I have type 2 ,since I was 32 am 67 now. been a struggle. My sister lost her eye sight a few years back. that's always on my mind it's what keeps me trying every day, don't want to go there.

tomecom 2014-04-12 06:52:05 -0500 Report

101 is actually very excellent. Damage begins to occur at about 110 mg/dL. When your blood sugars reach 110 glucose begins to bond to proteins throughout your body. They form what is called AGE's (Advanced Glycation Endproducts). AGE's collect anywhere that they form and cause massive amounts of inflammation. They are particularly damaging to the joints and kidneys. The inflammation they produce causes the cartilage to become brittle and begin to break down; a leading cause of joint failure/replacement. Wheat and dairy are the two greatest producers of AGE's.

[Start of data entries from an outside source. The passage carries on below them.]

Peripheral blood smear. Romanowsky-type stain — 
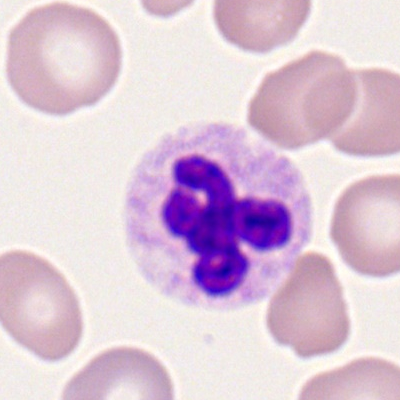Morphology → neutrophil (segmented).
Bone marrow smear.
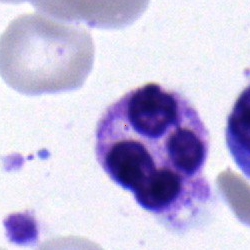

The A1c is a percentage of proteins that have attached to red blood cells, which are proteins. It is a percentage of red blood cells that have a glucose molecule attached. An A1c of 8.2 means that 8.2% of all of the red blood cells have glucose bonded to them.
Doctors use red blood cells as a means of measuring how often and to what extent the blood sugar has exceeded 110 during the past 90-120 days. The red blood cells live between 90-120 days. By taking a blood sample every 3-4 months the doctor gets a snapshot of the past 90-120 days. The older red blood cells have died and have been removed by your body.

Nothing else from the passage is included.